The CTP Lunch Club meets every Friday at noon in the Cosman seminar room, 6C-442 (provided that there are sufficient speakers). A light lunch will be provided begining at 11:50am (usually pizza, however some other options may be explored).
The seminars are designed for graduate students and should be accessible to all students. First year students are particularly encouraged to attend so that they may learn about research being performed in the CTP. The goal is learning, and to encourage participation, the seminars will be for students only.
Email notification of the club will be sent to the ctp-all, ctp-postdocs and ctp-students email lists as appropriate.

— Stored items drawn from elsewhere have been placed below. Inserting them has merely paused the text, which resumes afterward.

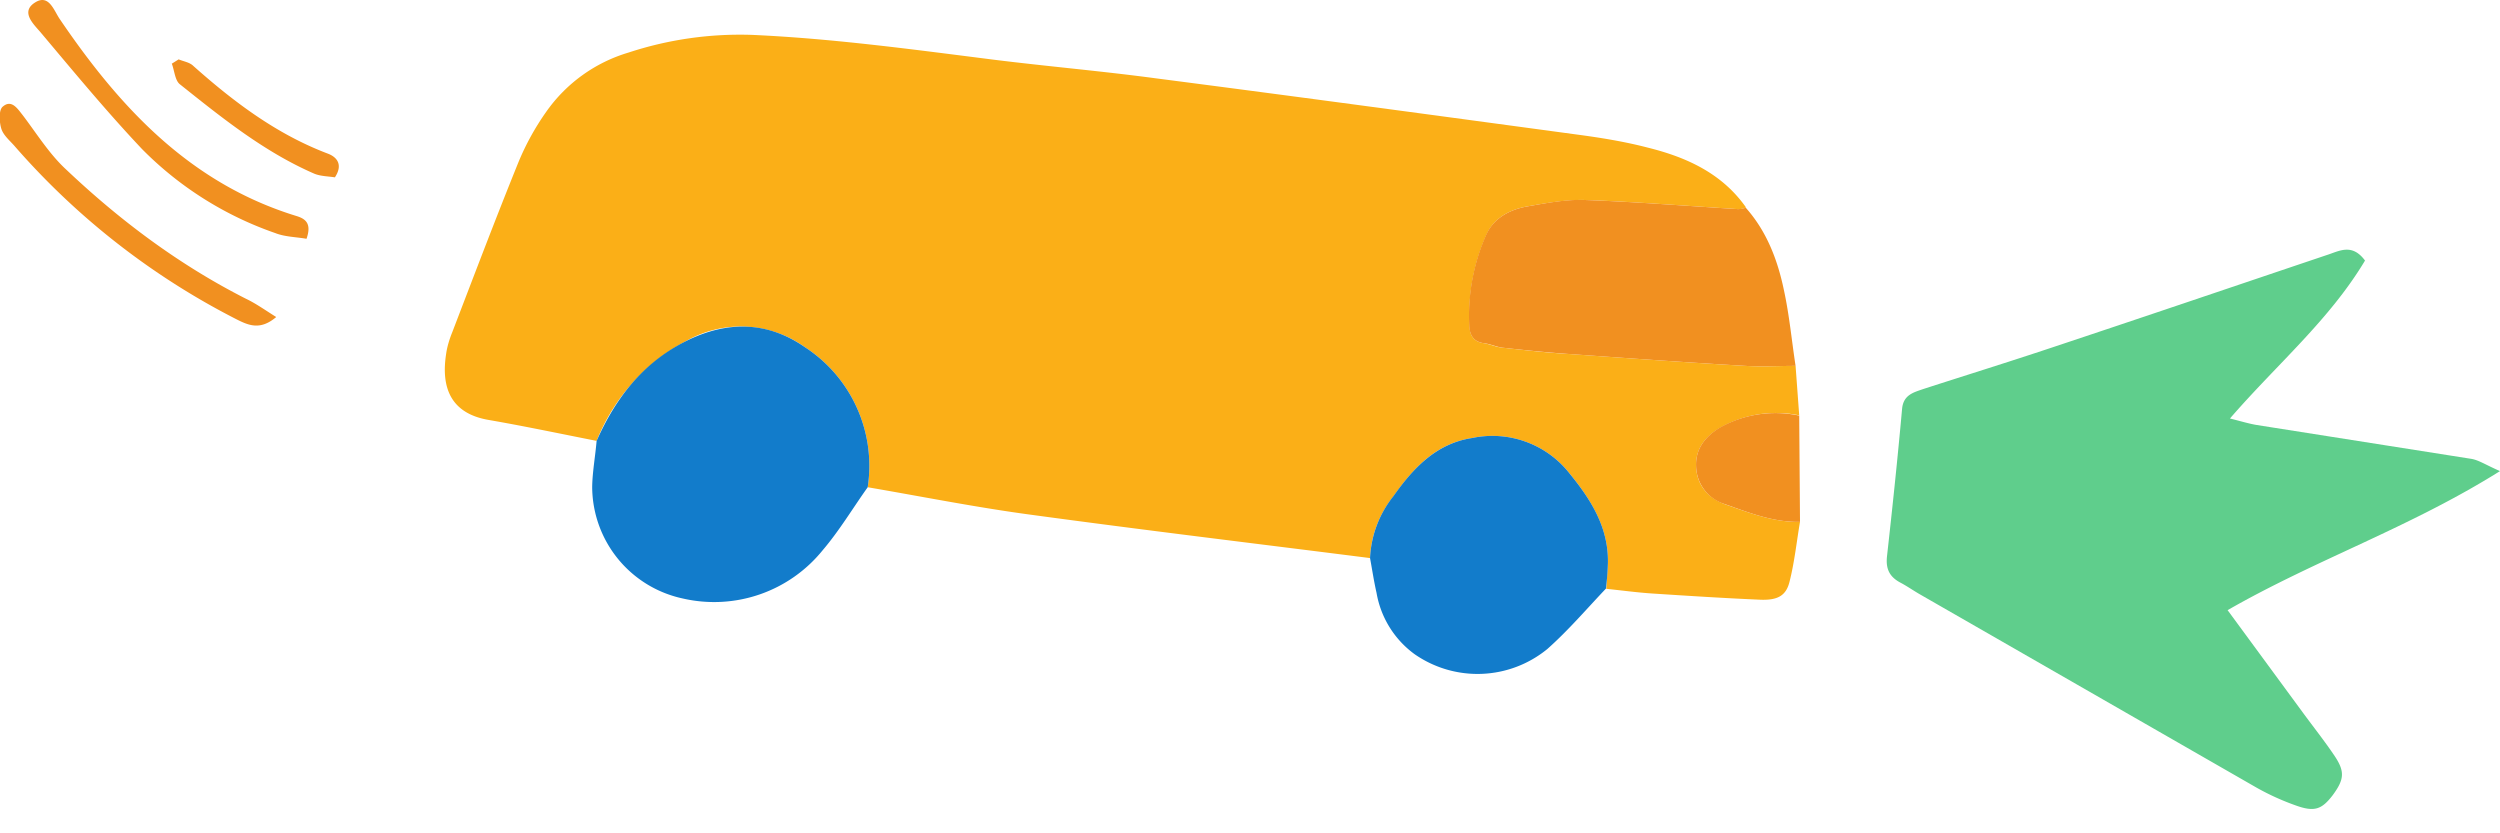 <?xml version="1.0" encoding="utf-8"?>
<svg xmlns="http://www.w3.org/2000/svg" width="96" height="32" viewBox="0 0 96 32" fill="none">
  <path fill-rule="evenodd" clip-rule="evenodd" d="M68.95 14.05l.14 1.9a4.36 4.36 0 00-3.03.47c-.56.33-.96.8-.93 1.5.03.71.46 1.2 1.1 1.44.94.33 1.87.7 2.89.68-.13.76-.21 1.54-.4 2.29-.13.54-.45.72-1.1.7-1.4-.06-2.8-.15-4.18-.24-.6-.04-1.18-.12-1.76-.18l.06-.87c.07-1.41-.62-2.52-1.47-3.56a3.76 3.76 0 00-3.74-1.36c-1.4.21-2.28 1.18-3.02 2.24a4.04 4.04 0 00-.9 2.37c-4.33-.55-8.66-1.07-12.99-1.66-2.1-.28-4.2-.7-6.3-1.06a5.43 5.43 0 00-2.4-5.37 4.22 4.22 0 00-4.58-.24 7.44 7.44 0 00-3.43 3.83c-1.37-.27-2.74-.56-4.12-.8-1.52-.25-1.85-1.29-1.66-2.53.04-.29.13-.58.24-.85.84-2.19 1.67-4.38 2.55-6.55a9.9 9.9 0 011.05-1.9 5.92 5.92 0 013.16-2.28 13.7 13.7 0 014.76-.68c3.1.14 6.17.56 9.25.95 2.08.26 4.18.44 6.26.72 5.4.7 10.79 1.43 16.18 2.16.9.12 1.82.27 2.7.5 1.49.37 2.85.99 3.77 2.3-.1.03-.21.07-.31.06-1.96-.12-3.92-.28-5.87-.35-.75-.02-1.5.12-2.24.25-.65.12-1.25.43-1.54 1.06a7.59 7.59 0 00-.66 3.53c.01.36.16.61.56.66.24.04.47.15.7.17.89.1 1.77.2 2.66.25 2.22.16 4.45.32 6.68.45.64.04 1.28 0 1.92 0z" fill="#FBAF17"/>
  <path fill-rule="evenodd" clip-rule="evenodd" d="M90.82 10c-1.37 2.29-3.38 3.98-5.19 6.07.44.11.73.2 1.03.25l8.24 1.3c.29.05.55.23 1.1.47-3.46 2.17-7.08 3.4-10.46 5.34l2.88 3.92c.41.56.84 1.1 1.23 1.68.4.6.37.9-.07 1.5-.42.55-.7.66-1.42.4a9.55 9.55 0 01-1.5-.68l-12.94-7.43c-.26-.15-.5-.32-.75-.45-.41-.22-.56-.52-.51-1 .21-1.88.41-3.78.58-5.67.05-.54.44-.63.81-.76 1.64-.53 3.28-1.04 4.9-1.58 3.55-1.18 7.08-2.38 10.61-3.57.47-.15.96-.46 1.46.22z" fill="#5FCE8C"/>
  <path fill-rule="evenodd" clip-rule="evenodd" d="M22.91 16.93c.73-1.64 1.77-3 3.43-3.83 1.6-.8 3.15-.76 4.58.24a5.43 5.43 0 012.4 5.37c-.57.8-1.09 1.67-1.73 2.42a5.36 5.36 0 01-5.38 1.85 4.4 4.4 0 01-3.47-4.29c.01-.58.12-1.17.17-1.76z" fill="#127CCB"/>
  <path fill-rule="evenodd" clip-rule="evenodd" d="M68.95 14.05c-.64 0-1.28.04-1.92 0-2.23-.13-4.46-.29-6.69-.45-.88-.06-1.76-.15-2.65-.25-.23-.03-.46-.14-.7-.17-.4-.05-.55-.3-.57-.66a7.63 7.63 0 01.66-3.53c.3-.63.9-.94 1.55-1.06.74-.13 1.5-.28 2.23-.25 1.96.07 3.92.23 5.88.35.1 0 .2-.03.3-.05.8.9 1.22 2 1.46 3.15.21.96.3 1.94.45 2.92z" fill="#F19020"/>
  <path fill-rule="evenodd" clip-rule="evenodd" d="M52.61 21.43a4.1 4.1 0 01.9-2.38c.74-1.05 1.63-2.02 3.02-2.23a3.76 3.76 0 013.74 1.36c.85 1.04 1.54 2.14 1.47 3.56-.01.29-.04.58-.07.86-.74.78-1.44 1.6-2.25 2.32a4.23 4.23 0 01-5.1.2 3.68 3.68 0 01-1.46-2.35c-.1-.44-.17-.9-.25-1.34z" fill="#127CCB"/>
  <path fill-rule="evenodd" clip-rule="evenodd" d="M69.12 20.04c-1.02.02-1.95-.35-2.88-.68a1.56 1.56 0 01-1.11-1.45c-.03-.68.36-1.16.93-1.5a4.36 4.36 0 013.03-.45l.03 4.08zM11.77 9.17c.2-.57-.02-.76-.37-.87C7.31 7.05 4.61 4.14 2.3.74 2.07.41 1.88-.25 1.34.1c-.55.35-.07.81.2 1.12 1.28 1.52 2.55 3.06 3.92 4.51a13.3 13.3 0 005.11 3.22c.38.15.82.15 1.2.22zm-1.17 3c-.43-.27-.78-.52-1.16-.7-2.56-1.3-4.83-3-6.9-4.96-.65-.6-1.13-1.38-1.67-2.09C.67 4.17.44 3.8.1 4.1c-.15.13-.13.58-.05.84s.33.46.52.68a28.42 28.42 0 008.49 6.63c.49.25.93.44 1.54-.07zm-4-9.72c.1.27.12.63.3.78 1.63 1.3 3.24 2.6 5.17 3.44.24.1.54.1.79.14.31-.47.1-.77-.27-.91-1.98-.75-3.63-2-5.18-3.38-.14-.13-.36-.16-.55-.24l-.27.17z" fill="#F19020"/>
</svg>

If you wish to speak, or have suggestions about speakers and/or possible workshop topics, please contact the organizers, Riccardo Abbate and Teppo Jouttenus.
Massless mediators
Gauge symmetry is a cornerstone of modern theoretical particle physics, but it differs from other symmetries in that it does not relate different physical configurations: instead, it implies that different mathematical descriptions correspond to the same physical configuration. I will briefly review how this mathematical redundancy inevitably results from an attempt to accomodate spin-1 massless particles into a Lorentz-invariant framework. I will also consider the close parallel between this and general coordinate invariance, which results from accomodating spin-2 massless particles and which leads to General Relativity (GR).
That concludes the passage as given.